Items from a dataset:
========================================================================

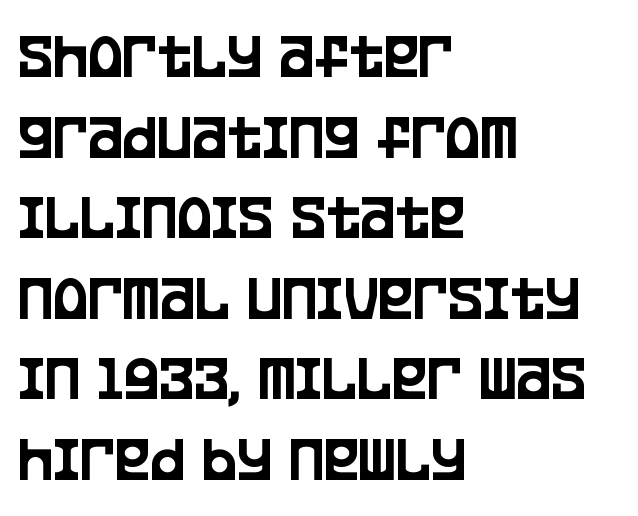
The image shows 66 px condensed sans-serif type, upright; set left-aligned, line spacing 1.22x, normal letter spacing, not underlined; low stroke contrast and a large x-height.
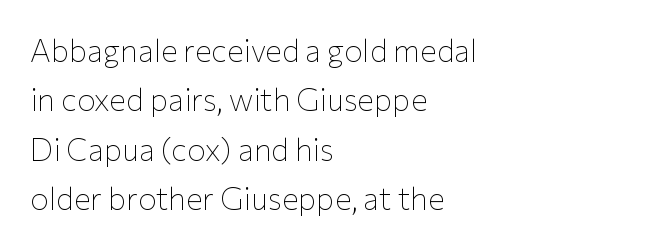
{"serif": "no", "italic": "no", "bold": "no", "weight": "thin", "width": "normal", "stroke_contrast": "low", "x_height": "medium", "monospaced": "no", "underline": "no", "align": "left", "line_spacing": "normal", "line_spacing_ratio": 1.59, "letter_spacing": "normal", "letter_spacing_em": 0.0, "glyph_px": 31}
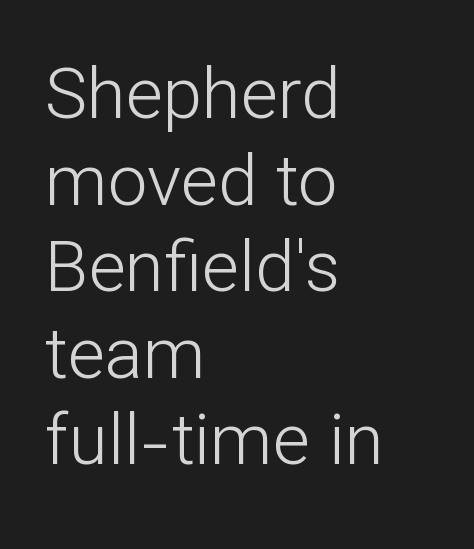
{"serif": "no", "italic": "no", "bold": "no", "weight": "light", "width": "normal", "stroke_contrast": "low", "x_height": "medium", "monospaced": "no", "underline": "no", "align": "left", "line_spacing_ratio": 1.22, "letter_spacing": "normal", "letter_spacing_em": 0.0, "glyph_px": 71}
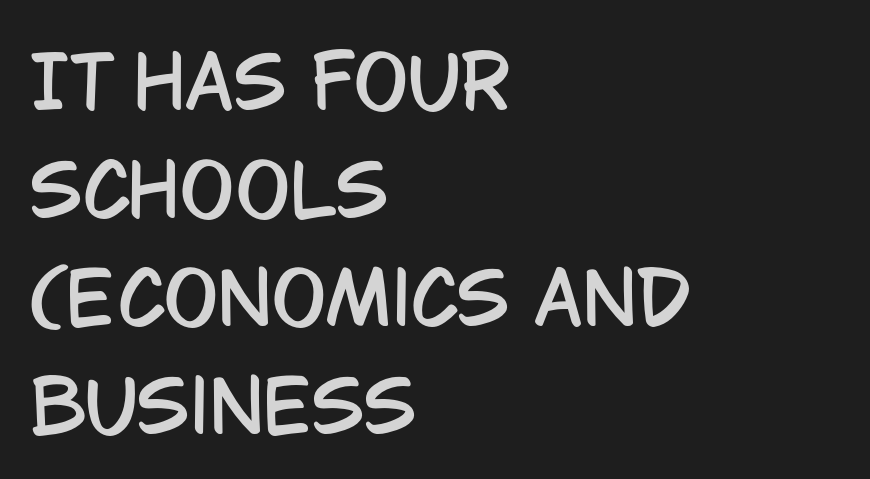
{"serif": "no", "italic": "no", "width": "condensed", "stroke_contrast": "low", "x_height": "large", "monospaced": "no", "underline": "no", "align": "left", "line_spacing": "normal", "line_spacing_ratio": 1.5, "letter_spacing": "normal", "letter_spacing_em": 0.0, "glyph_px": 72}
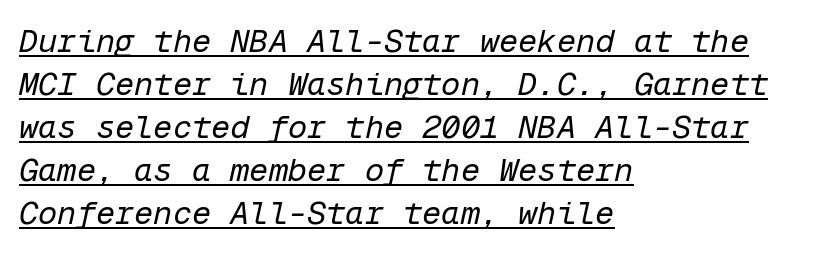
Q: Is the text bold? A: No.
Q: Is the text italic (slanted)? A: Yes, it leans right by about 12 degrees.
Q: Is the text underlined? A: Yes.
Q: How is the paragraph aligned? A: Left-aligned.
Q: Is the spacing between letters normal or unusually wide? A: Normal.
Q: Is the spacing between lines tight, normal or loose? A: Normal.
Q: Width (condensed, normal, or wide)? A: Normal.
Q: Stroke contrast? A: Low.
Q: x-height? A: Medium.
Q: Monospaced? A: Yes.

========================================================================

[WHAT IS BEING ASKED]
From the records above, tally every line that contains the string "underlined"; the reply consists of that number alone.

[RESULT BELOW]
2